If I were you, I would use the parameters of the 3D equivalent ellipsoid provided by the 3D roi suite of @ThomasBoudier. I don’t know the details of the computation, but the results should be close to those of a PCA, with the first two axes defining the plane maximizing the variability of your points.

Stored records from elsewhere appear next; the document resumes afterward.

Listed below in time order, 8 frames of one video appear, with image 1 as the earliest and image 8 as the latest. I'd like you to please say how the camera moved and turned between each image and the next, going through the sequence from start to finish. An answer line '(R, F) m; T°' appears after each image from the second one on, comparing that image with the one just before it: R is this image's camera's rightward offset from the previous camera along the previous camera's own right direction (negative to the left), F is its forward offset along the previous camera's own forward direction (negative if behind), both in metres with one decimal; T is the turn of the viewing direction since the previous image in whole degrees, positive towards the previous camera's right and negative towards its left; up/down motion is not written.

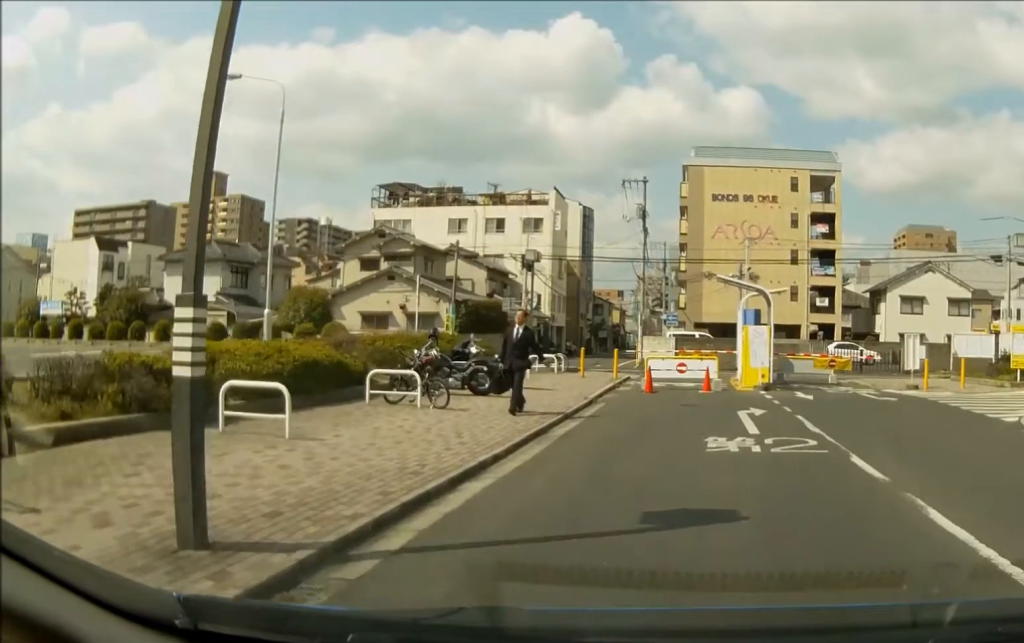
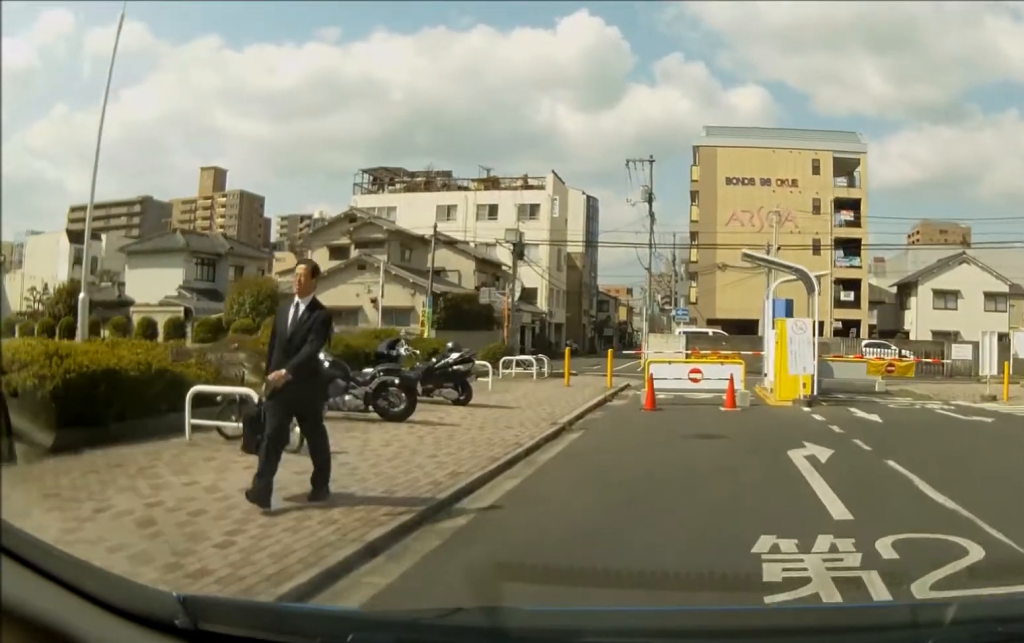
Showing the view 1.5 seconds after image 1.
(0.0, +6.1) m; -3°
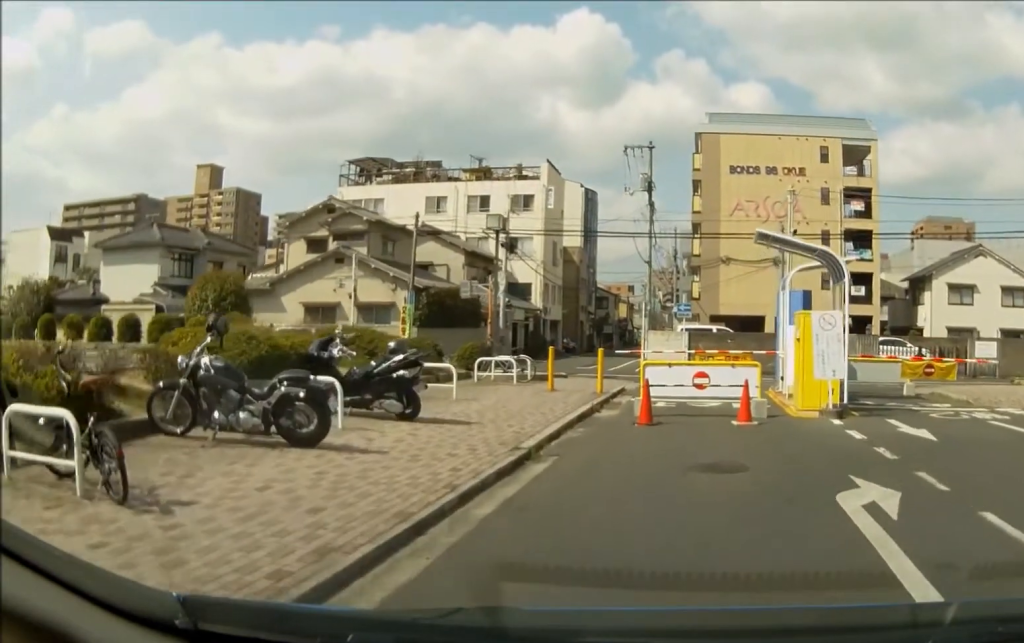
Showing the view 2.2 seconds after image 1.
(0.0, +3.2) m; -4°
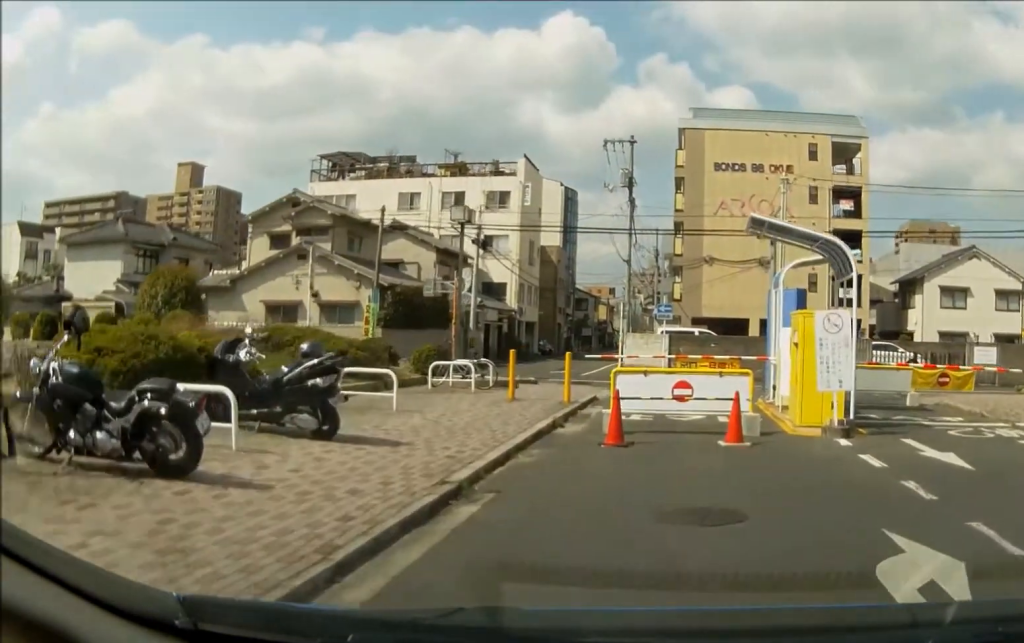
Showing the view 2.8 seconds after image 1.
(-0.3, +2.3) m; +4°
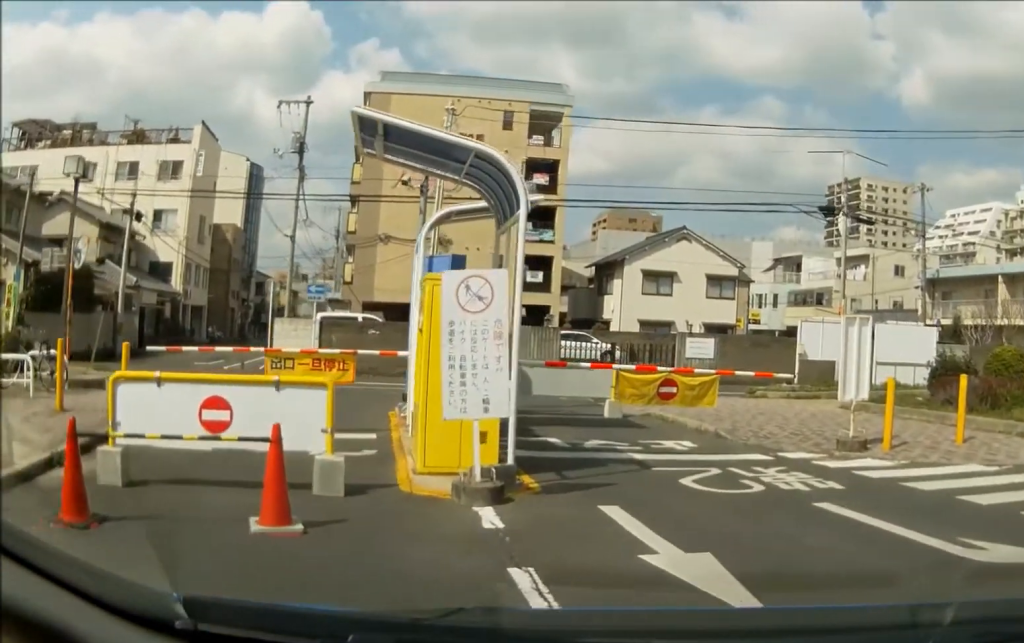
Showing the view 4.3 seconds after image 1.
(+1.1, +5.4) m; +24°
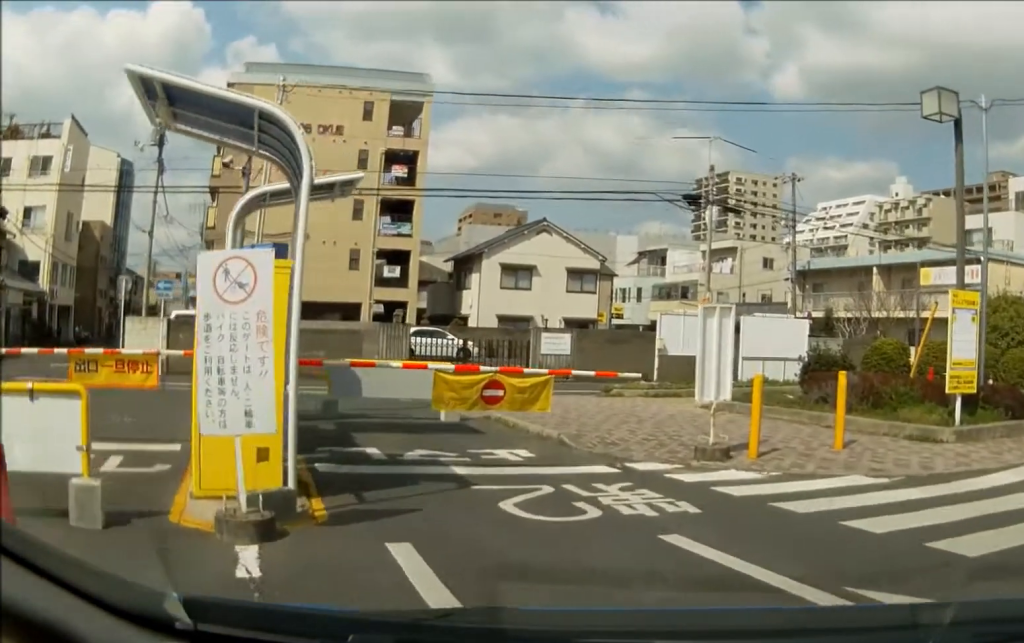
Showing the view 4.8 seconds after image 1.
(0.0, +1.5) m; +8°
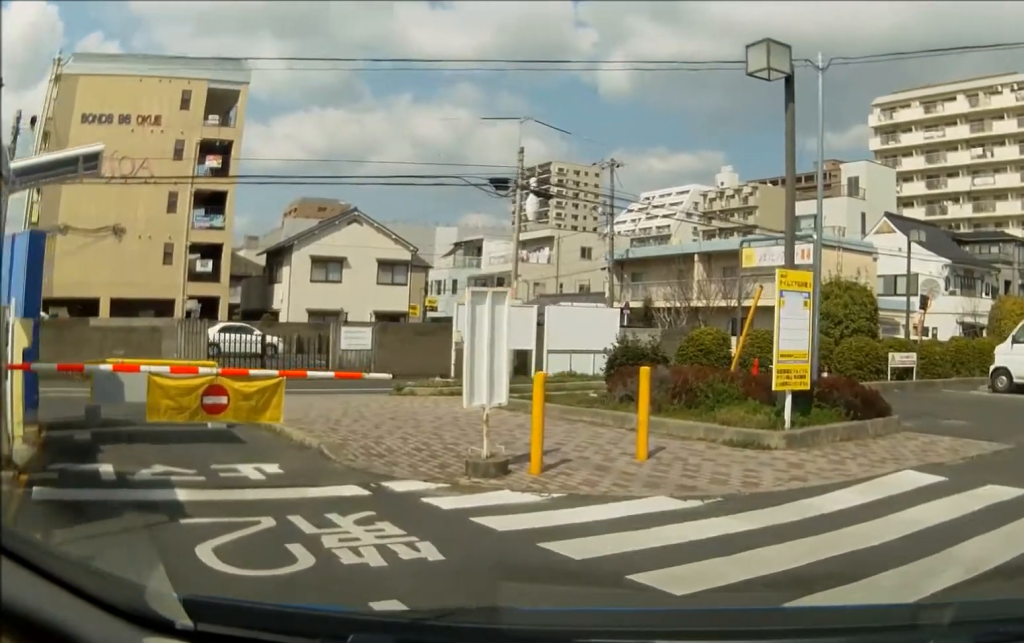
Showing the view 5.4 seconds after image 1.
(+0.1, +1.8) m; +12°
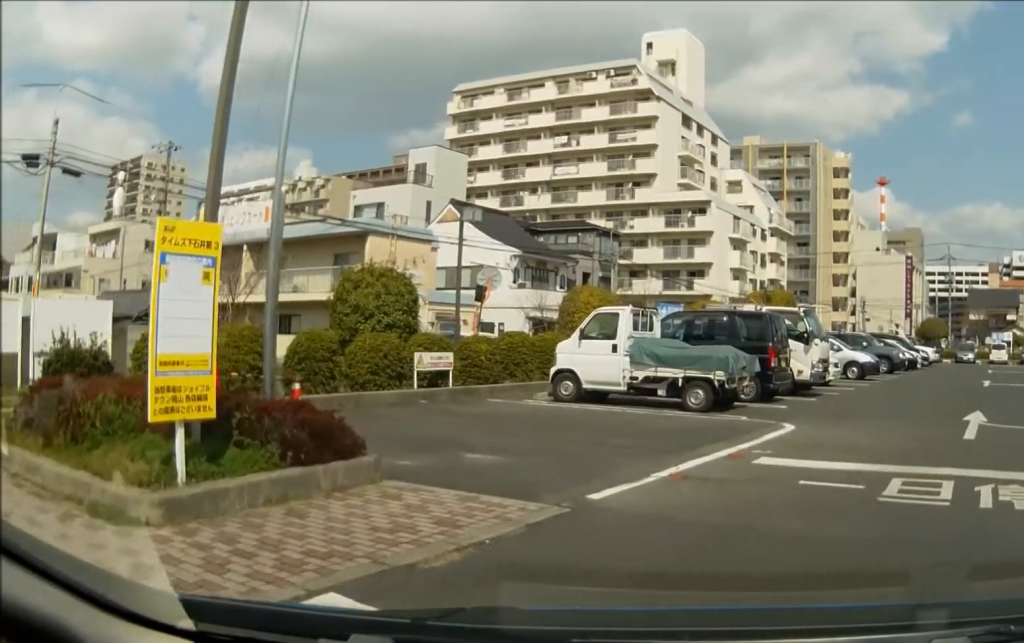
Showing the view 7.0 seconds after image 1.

Then you can rotate your shape according to the axes angles and project it along the Z axis, or project the points directly on the plane (though I’m not saying it’s straightforward to program).

If you want to stick to the bounding box solution, though, you can find convenient to replace it with the Feret diameter, which gives you the longest line segment between two points at the border of your shape.

Good luck!

Nicolas

Sorry no - sounds hard, but fun if one had time.

Thanks @Nicolas for the suggestion,
I’ve been looking into the possibility of using the ellipse and I came up with the following:

``````id=getImageID();
run("Convert to Mask", "method=Default background=Dark black");

run("3D Ellipsoid Fitting", " ");

XY= getResult("XY0(deg)", 0);
XZ= getResult("XZ0(deg)", 0);
YZ= getResult("YZ0(deg)", 0);

selectImage(id);
run("TransformJ Rotate", "z-angle="+XZ+" y-angle="+XY+" x-angle="+YZ+" interpolation=Linear background=0.0 adjust"); //angles in here are incorrect
rename("Rotated");

run("Z Project...", "projection=[Max Intensity]");
//run("Clear Results");
``````

But I am unsure about which angles of the ellipse to use because the results table provides all the following:
XY0(deg)
XZ0(deg)
YZ0(deg)
XY1(deg)
XZ1(deg)
YZ1(deg)
XY2(deg)
XZ2(deg)
YZ2(deg)

What is the difference between the values 0, 1 and 2 ?

Thank you very much

Hi @LPUoO and @Nicolas,

The oriented bounding box is implemented in the 3D ellipsoid fitting plugin. The idea is to rotate all border points of the object so that the object is aligned with the X-axis, then the bounding box is computed. I did not fully test it, but the volume of this oriented bounding box is available in the plugin as Vbb0.

The values 0,1,2 refer to the eigen vectors of the ellipsoid, the vector 2 will correspond to the main axis of the ellipsoid. I guess you then need to align this vector to the X axis.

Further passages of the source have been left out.